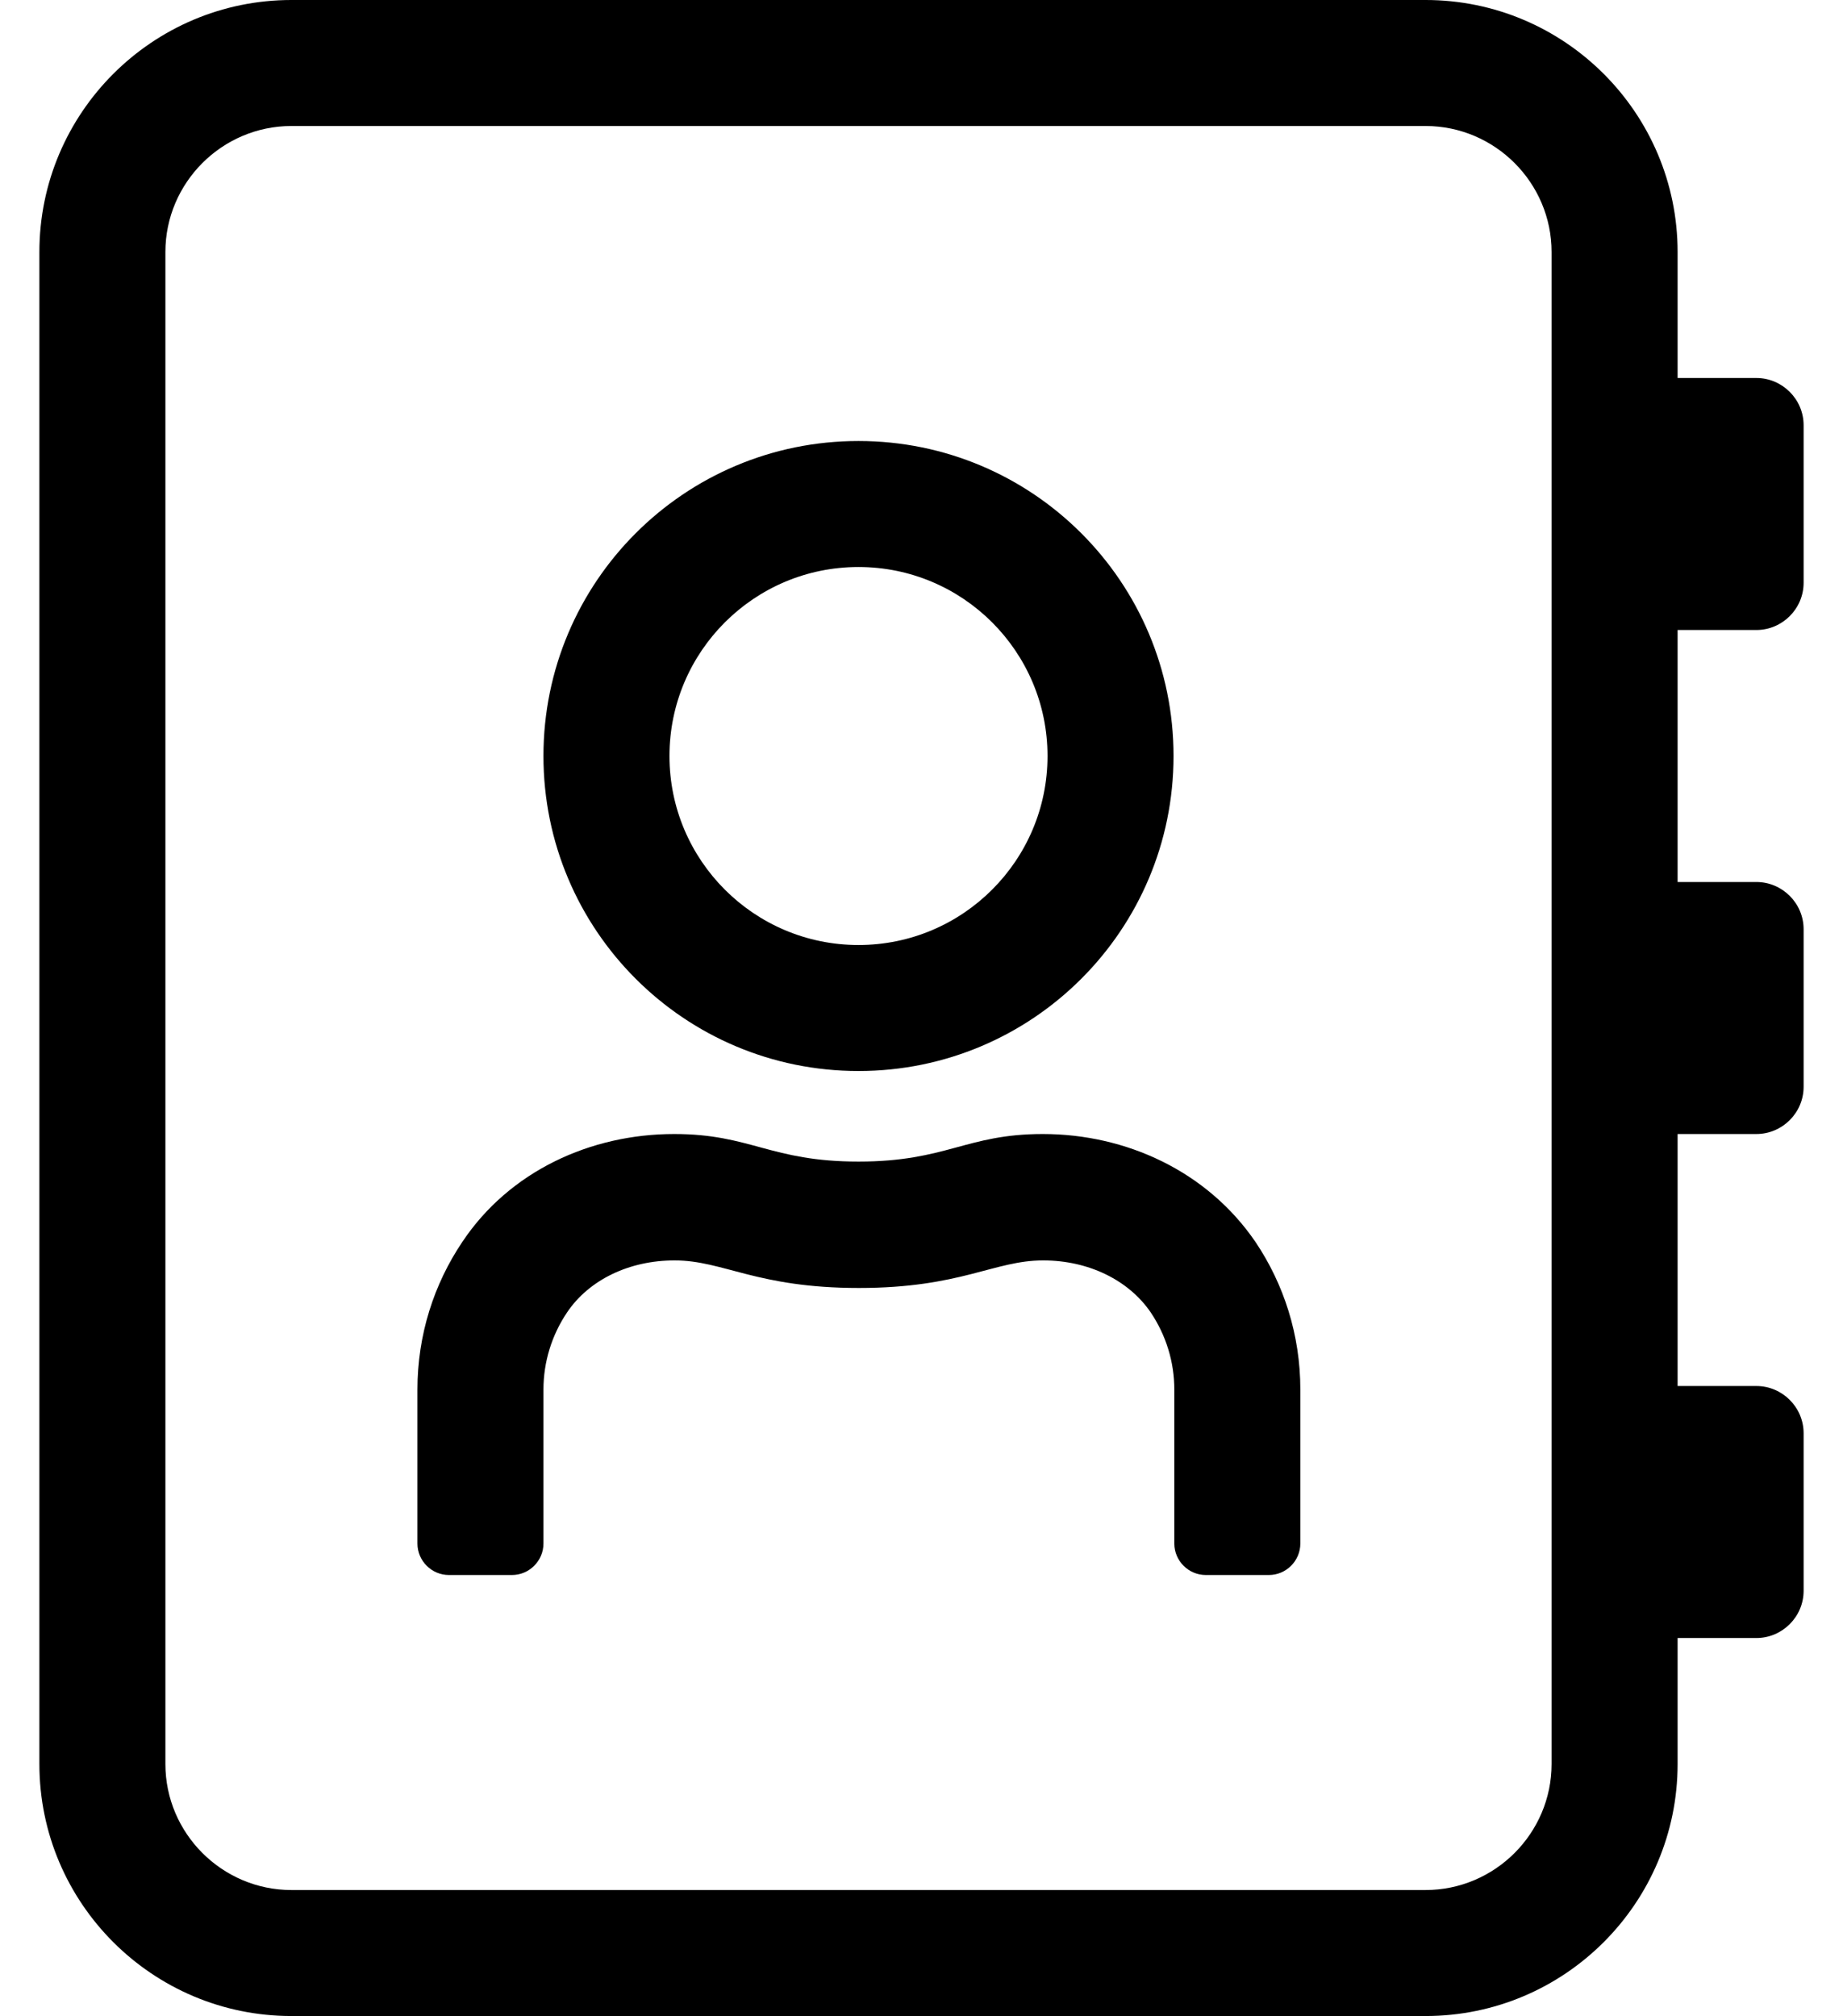 <?xml version="1.0" standalone="no"?>
<!DOCTYPE svg PUBLIC "-//W3C//DTD SVG 1.1//EN" "http://www.w3.org/Graphics/SVG/1.1/DTD/svg11.dtd" >
<svg xmlns="http://www.w3.org/2000/svg" xmlns:xlink="http://www.w3.org/1999/xlink" version="1.1" viewBox="-10 0 468 512">
   <path fill="currentColor"
d="M436 160h-20v64h20c6.6 0 12 5.4 12 12v40c0 6.6 -5.4 12 -12 12h-20v64h20c6.6 0 12 5.4 12 12v40c0 6.6 -5.4 12 -12 12h-20v32c0 35.3 -28.7 64 -64 64h-288c-35.3 0 -64 -28.7 -64 -64v-384
c0 -35.3 28.7 -64 64 -64h288c35.3 0 64 28.7 64 64v32h20c6.6 0 12 5.4 12 12v40c0 6.6 -5.4 12 -12 12zM384 448v-384c0 -17.6 -14.4 -32 -32 -32h-288c-17.6 0 -32 14.4 -32 32v384c0 17.6 14.4 32 32 32h288
c17.6 0 32 -14.4 32 -32zM208 272c-44.2 0 -80 -35.8 -80 -80s35.8 -80 80 -80s80 35.8 80 80s-35.8 80 -80 80zM208 144c-26.5 0 -48 21.5 -48 48s21.5 48 48 48s48 -21.5 48 -48s-21.5 -48 -48 -48zM254.8 288c21.101 0 41.7 9.4 54 27.4
c7.2 10.699 11.4 23.6 11.4 37.5v39.1c0 4.4 -3.601 8 -8 8h-16c-4.4 0 -8 -3.6 -8 -8v-39.1c0 -7 -2.101 -13.801 -6 -19.601c-5.601 -8.2 -15.8 -13.2 -27.3 -13.2c-12.5 0 -20.9 7 -46.801 7
c-26 0 -34.399 -7 -46.8 -7c-11.5 0 -21.7 4.9 -27.3 13.2c-3.9 5.8 -6 12.601 -6 19.601v39.1c0 4.4 -3.6 8 -8 8h-16c-4.4 0 -8 -3.6 -8 -8v-39.1c0 -13.9 4.2 -26.801 11.4 -37.5
c12 -18 32.6 -27.4 53.8 -27.4c19.5 0 24.399 7 46.8 7s27.3 -7 46.8 -7z" />
</svg>

******************************

Every line, from the one holding "c-26 0 -34.399" through the last line of the material above, should be transcribed exactly, and no line outside that range.

▶ RESPONSE FOR THIS EXERCISE:
c-26 0 -34.399 -7 -46.8 -7c-11.5 0 -21.7 4.9 -27.3 13.2c-3.9 5.8 -6 12.601 -6 19.601v39.1c0 4.4 -3.6 8 -8 8h-16c-4.4 0 -8 -3.6 -8 -8v-39.1c0 -13.9 4.2 -26.801 11.4 -37.5
c12 -18 32.6 -27.4 53.8 -27.4c19.5 0 24.399 7 46.8 7s27.3 -7 46.8 -7z" />
</svg>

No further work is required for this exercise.